▶ [Stored records]
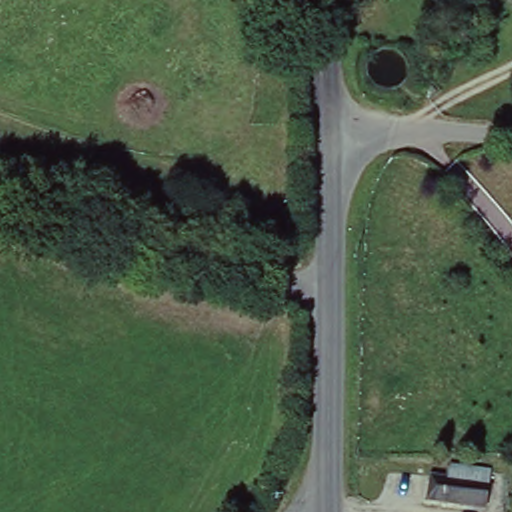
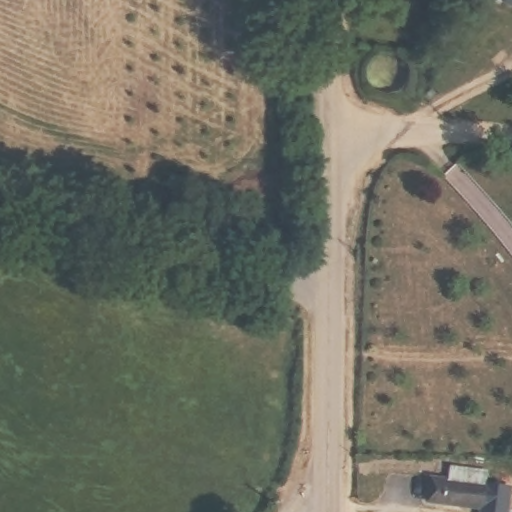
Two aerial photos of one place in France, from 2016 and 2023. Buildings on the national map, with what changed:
unchanged [(486,472),(486,507),(431,507),(432,484),(452,485),(451,472),(486,472)]

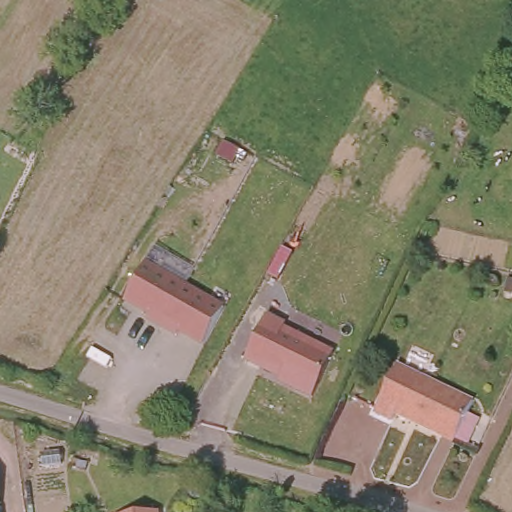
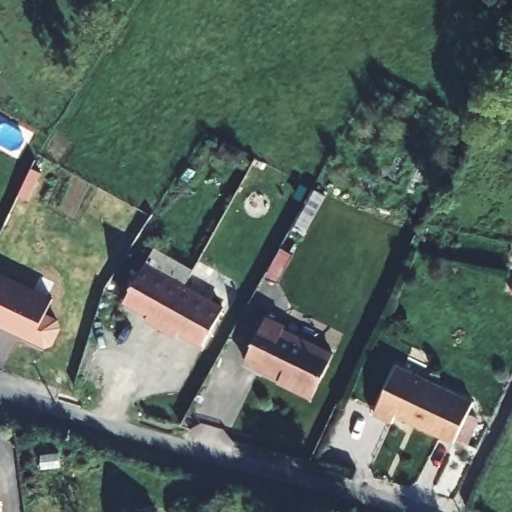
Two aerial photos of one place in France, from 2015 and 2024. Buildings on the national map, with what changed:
unchanged [(147,262),(226,307),(202,347),(122,303),(147,262)]
new [(54,301),(46,316),(57,322),(60,328),(52,344),(46,346),(0,324),(0,275),(54,301)]
unchanged [(265,317),(334,352),(312,398),(242,364),(265,317)]
unchanged [(454,438),(397,412),(393,421),(374,411),(399,364),(474,401),(454,438)]
unchanged [(1,512),(0,512),(0,505),(1,512)]
unchanged [(115,509),(159,508),(159,512),(115,512),(115,509)]

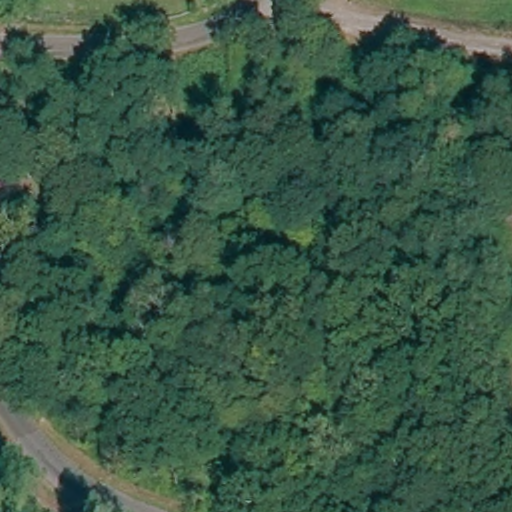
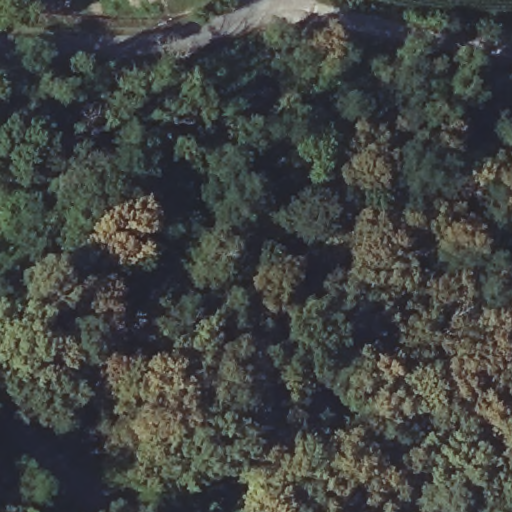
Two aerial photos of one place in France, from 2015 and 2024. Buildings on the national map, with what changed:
[]

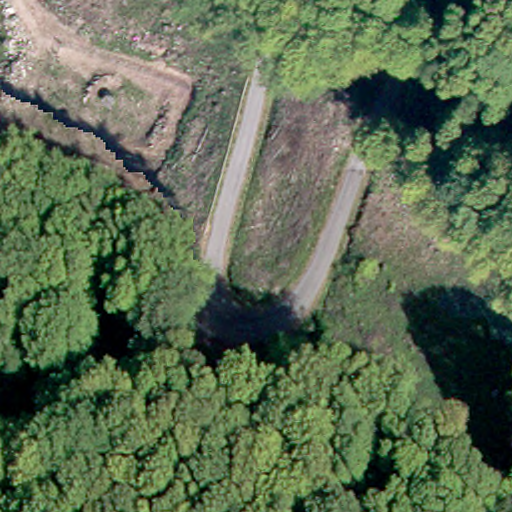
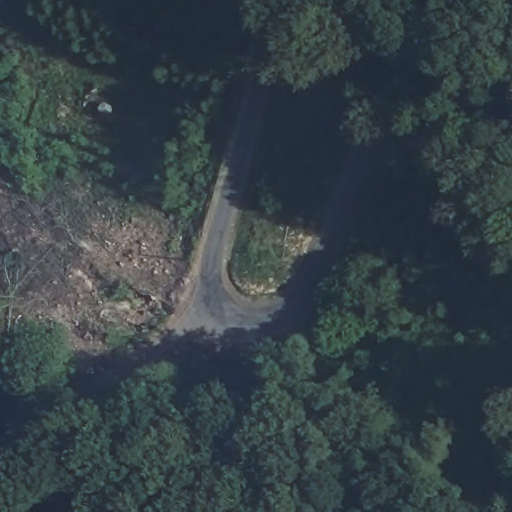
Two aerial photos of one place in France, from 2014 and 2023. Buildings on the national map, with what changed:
unchanged [(98,104),(100,102),(103,101),(106,101),(109,103),(110,106),(110,109),(107,112),(105,113),(101,113),(98,111),(97,108),(98,104)]

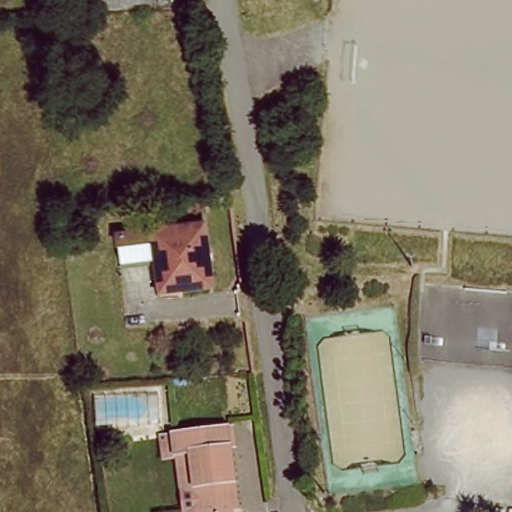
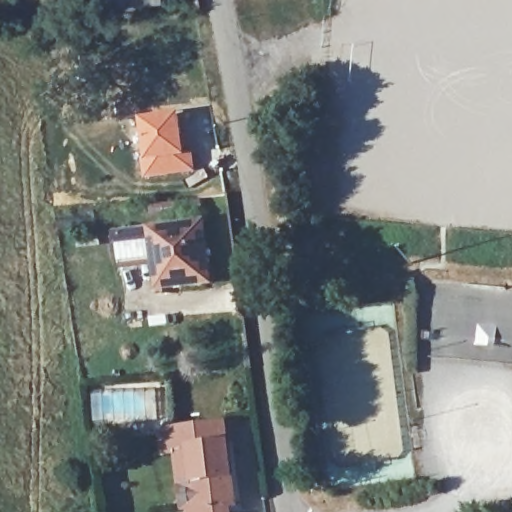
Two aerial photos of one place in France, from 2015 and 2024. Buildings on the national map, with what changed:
new [(181,113),(187,153),(193,152),(196,174),(145,180),(142,119),(181,113)]
unchanged [(210,287),(167,294),(162,261),(124,266),(120,236),(203,226),(210,287)]
unchanged [(231,504),(233,512),(195,512),(194,508),(202,506),(191,446),(178,448),(175,428),(225,421),(238,502),(231,504)]

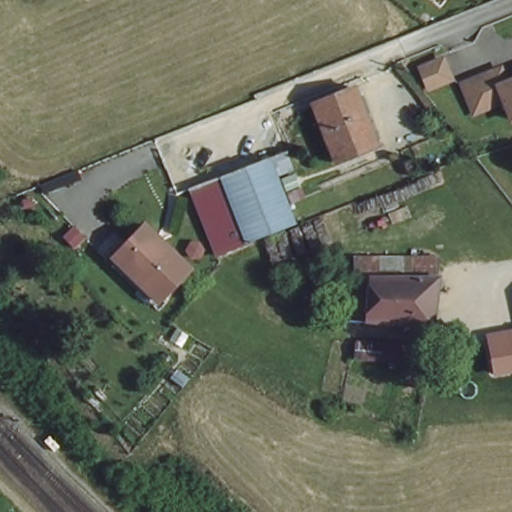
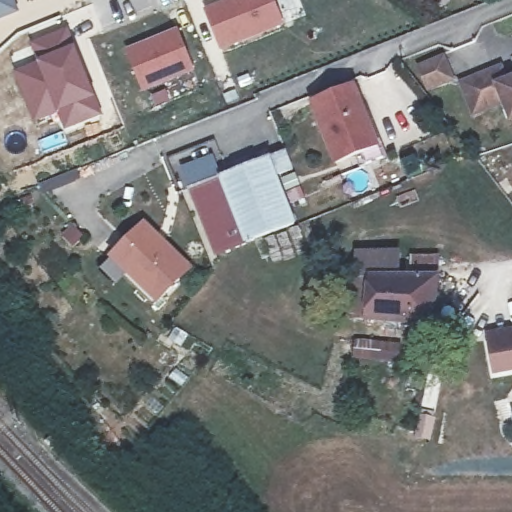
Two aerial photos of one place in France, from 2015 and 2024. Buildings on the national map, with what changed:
new [(0,21),(0,0),(14,0),(20,13),(0,21)]
new [(203,9),(227,0),(274,0),(283,24),(220,50),(203,9)]
new [(63,128),(57,113),(32,122),(12,69),(36,60),(29,41),(69,26),(75,45),(102,113),(63,128)]
new [(143,92),(127,49),(176,29),(195,71),(143,92)]
unchanged [(424,79),(417,62),(440,53),(446,70),(424,79)]
unchanged [(504,96),(474,108),(461,79),(499,63),(505,77),(512,74),(512,114),(504,96)]
unchanged [(313,108),(354,92),(378,148),(338,165),(313,108)]
unchanged [(191,187),(284,150),(289,166),(273,172),(293,223),(217,253),(191,187)]
new [(77,167),(82,178),(42,194),(38,182),(77,167)]
unchanged [(188,271),(154,306),(133,285),(108,260),(143,224),(182,265),(188,271)]
unchanged [(349,278),(360,278),(361,255),(404,257),(403,281),(380,279),(374,320),(345,315),(349,278)]
unchanged [(417,261),(447,264),(445,284),(440,330),(374,320),(380,279),(403,281),(415,282),(417,261)]
unchanged [(492,376),(486,334),(512,329),(512,374),(492,376)]
unchanged [(364,353),(365,334),(394,337),(391,355),(364,353)]

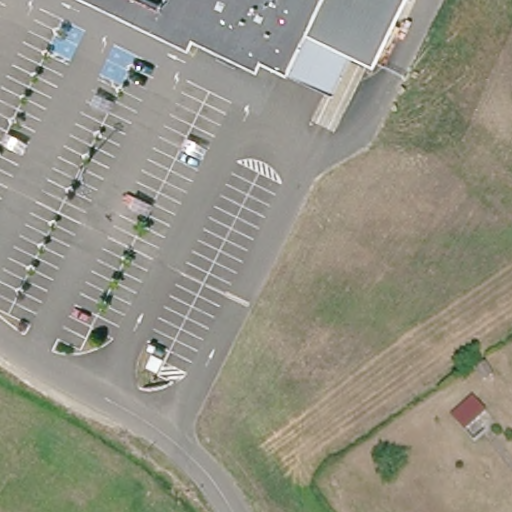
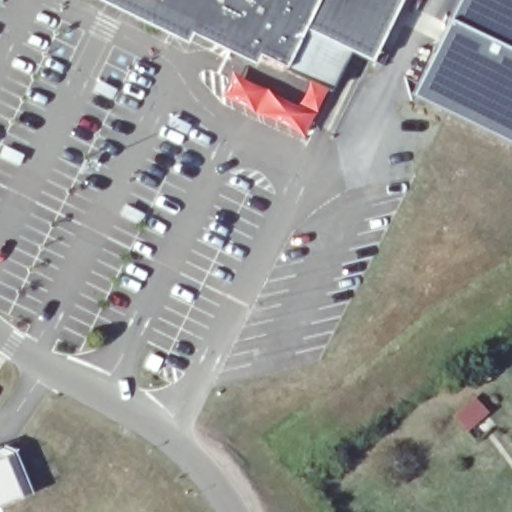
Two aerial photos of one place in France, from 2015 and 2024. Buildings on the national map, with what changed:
unchanged [(369,61),(303,29),(282,69),(255,56),(252,65),(188,34),(183,43),(96,0),(399,0),(369,61)]
new [(454,0),(512,0),(512,51),(445,19),(454,0)]
new [(445,19),(512,51),(512,146),(469,125),(408,97),(445,19)]
new [(303,29),(349,51),(329,93),(282,69),(303,29)]
unchanged [(482,375),(491,369),(498,380),(488,386),(482,375)]
unchanged [(457,421),(478,402),(491,418),(469,436),(457,421)]
unchanged [(0,506),(0,445),(13,452),(29,492),(20,498),(0,506)]

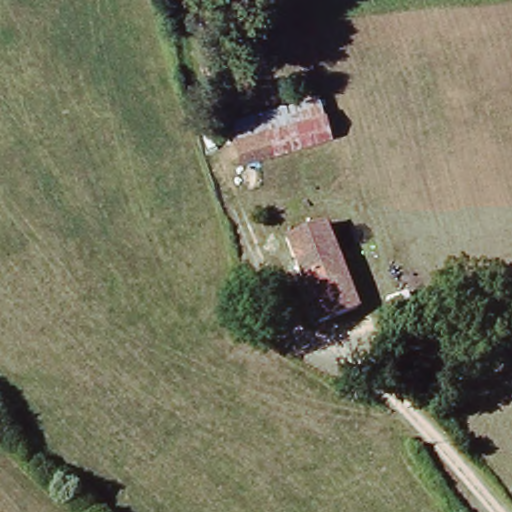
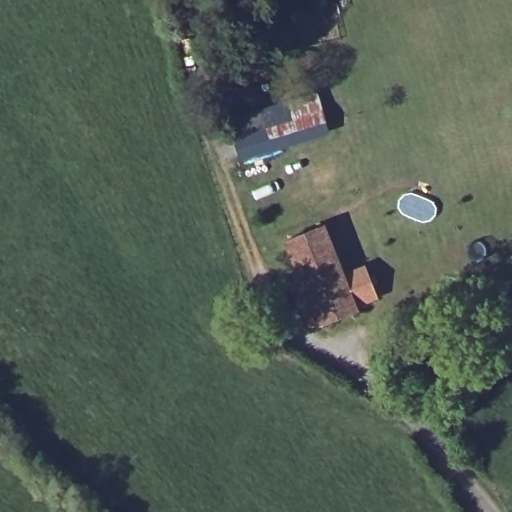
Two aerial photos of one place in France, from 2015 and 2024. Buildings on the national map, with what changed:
unchanged [(326,117),(332,137),(246,160),(241,139),(326,117)]
unchanged [(290,239),(330,227),(357,312),(320,324),(290,239)]

▶ [PROBLEM TO WORK ON]
When repeating the entries, leave out every picture and keep the rest exact.

▶ [EXERCISE SOLUTION]
Two aerial photos of one place in France, from 2016 and 2023. Buildings on the national map, with what changed:
unchanged [(486,472),(486,507),(431,507),(432,484),(452,485),(451,472),(486,472)]

Two aerial photos of one place in France, from 2015 and 2024. Buildings on the national map, with what changed:
unchanged [(147,262),(226,307),(202,347),(122,303),(147,262)]
new [(54,301),(46,316),(57,322),(60,328),(52,344),(46,346),(0,324),(0,275),(54,301)]
unchanged [(265,317),(334,352),(312,398),(242,364),(265,317)]
unchanged [(454,438),(397,412),(393,421),(374,411),(399,364),(474,401),(454,438)]
unchanged [(1,512),(0,512),(0,505),(1,512)]
unchanged [(115,509),(159,508),(159,512),(115,512),(115,509)]

Two aerial photos of one place in France, from 2015 and 2024. Buildings on the national map, with what changed:
[]

Two aerial photos of one place in France, from 2014 and 2023. Buildings on the national map, with what changed:
unchanged [(98,104),(100,102),(103,101),(106,101),(109,103),(110,106),(110,109),(107,112),(105,113),(101,113),(98,111),(97,108),(98,104)]

Two aerial photos of one place in France, from 2015 and 2024. Buildings on the national map, with what changed:
new [(181,113),(187,153),(193,152),(196,174),(145,180),(142,119),(181,113)]
unchanged [(210,287),(167,294),(162,261),(124,266),(120,236),(203,226),(210,287)]
unchanged [(231,504),(233,512),(195,512),(194,508),(202,506),(191,446),(178,448),(175,428),(225,421),(238,502),(231,504)]

Two aerial photos of one place in France, from 2015 and 2024. Buildings on the national map, with what changed:
new [(0,21),(0,0),(14,0),(20,13),(0,21)]
new [(203,9),(227,0),(274,0),(283,24),(220,50),(203,9)]
new [(63,128),(57,113),(32,122),(12,69),(36,60),(29,41),(69,26),(75,45),(102,113),(63,128)]
new [(143,92),(127,49),(176,29),(195,71),(143,92)]
unchanged [(424,79),(417,62),(440,53),(446,70),(424,79)]
unchanged [(504,96),(474,108),(461,79),(499,63),(505,77),(512,74),(512,114),(504,96)]
unchanged [(313,108),(354,92),(378,148),(338,165),(313,108)]
unchanged [(191,187),(284,150),(289,166),(273,172),(293,223),(217,253),(191,187)]
new [(77,167),(82,178),(42,194),(38,182),(77,167)]
unchanged [(188,271),(154,306),(133,285),(108,260),(143,224),(182,265),(188,271)]
unchanged [(349,278),(360,278),(361,255),(404,257),(403,281),(380,279),(374,320),(345,315),(349,278)]
unchanged [(417,261),(447,264),(445,284),(440,330),(374,320),(380,279),(403,281),(415,282),(417,261)]
unchanged [(492,376),(486,334),(512,329),(512,374),(492,376)]
unchanged [(364,353),(365,334),(394,337),(391,355),(364,353)]

Two aerial photos of one place in France, from 2015 and 2024. Buildings on the national map, with what changed:
unchanged [(369,61),(303,29),(282,69),(255,56),(252,65),(188,34),(183,43),(96,0),(399,0),(369,61)]
new [(454,0),(512,0),(512,51),(445,19),(454,0)]
new [(445,19),(512,51),(512,146),(469,125),(408,97),(445,19)]
new [(303,29),(349,51),(329,93),(282,69),(303,29)]
unchanged [(482,375),(491,369),(498,380),(488,386),(482,375)]
unchanged [(457,421),(478,402),(491,418),(469,436),(457,421)]
unchanged [(0,506),(0,445),(13,452),(29,492),(20,498),(0,506)]

Two aerial photos of one place in France, from 2015 and 2024. Buildings on the national map, with what changed:
unchanged [(326,117),(332,137),(246,160),(241,139),(326,117)]
unchanged [(290,239),(330,227),(357,312),(320,324),(290,239)]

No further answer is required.